Since the 1960s, some poets in what I call the English-language haiku community have experimented with "one-line haiku". The first such one-liner to receive serious recognition that I know of was Michael Segers's piece that appeared in my own Haiku Magazine in 1971 and later in the 1974 first edition of Cor van den Heuvel's Haiku Anthology:

in the eggshell after the chick has hatched (1)

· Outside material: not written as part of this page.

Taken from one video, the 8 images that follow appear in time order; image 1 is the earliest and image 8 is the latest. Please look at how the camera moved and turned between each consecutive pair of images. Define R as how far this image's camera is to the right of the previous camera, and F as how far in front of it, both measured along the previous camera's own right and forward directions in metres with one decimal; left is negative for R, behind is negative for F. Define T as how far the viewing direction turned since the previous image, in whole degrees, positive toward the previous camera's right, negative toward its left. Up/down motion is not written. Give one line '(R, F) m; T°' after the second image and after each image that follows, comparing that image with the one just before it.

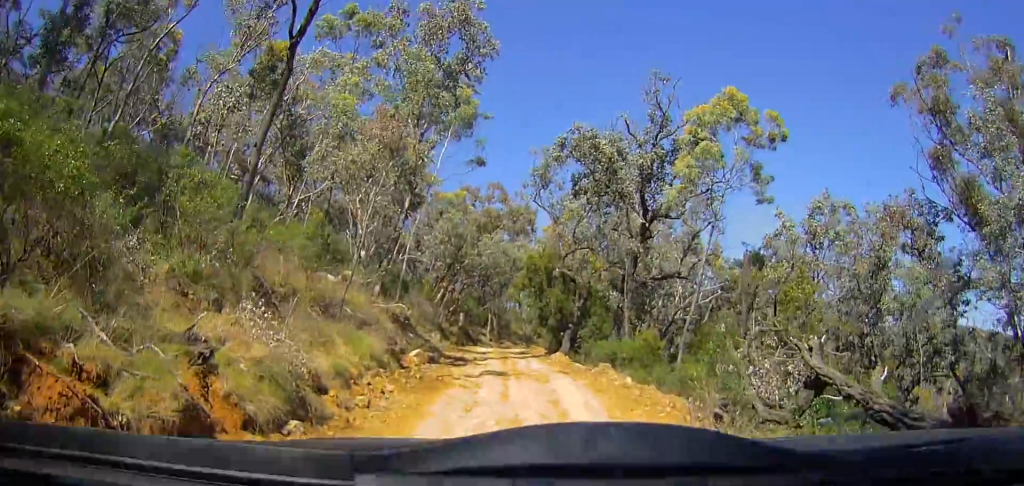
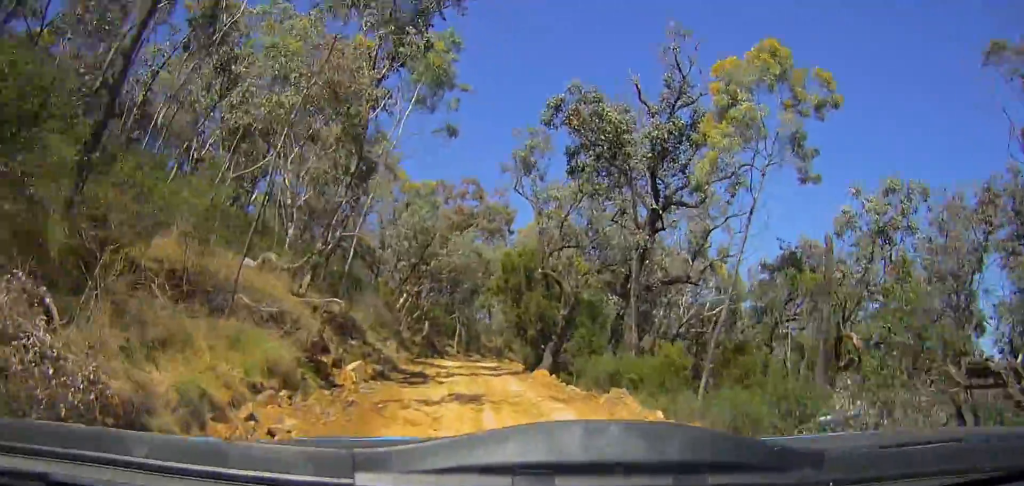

That same year, the New York poet and editor Bill Zavatsky published a large-format anthology of one-line poems called Roy Rogers. (2) As Zavatsky's compilation makes clear, one-line poems are not at all foreign to the Western poetic tradition. Nor have such short poetic utterances been absent from aboriginal/native/oral traditions, though performance variables often stretch out a seeming one-line "poem" into songs that may take scores of minutes or longer to present. Some of the items in Jerome Rothenberg's Technicians of the Sacred (first edition, 1968) reappear in Roy Rogers, most notably:

A Yuma Indian Poem about the Water-Bug

The water-bug is drawing the shadows of evening toward him across the water. (3)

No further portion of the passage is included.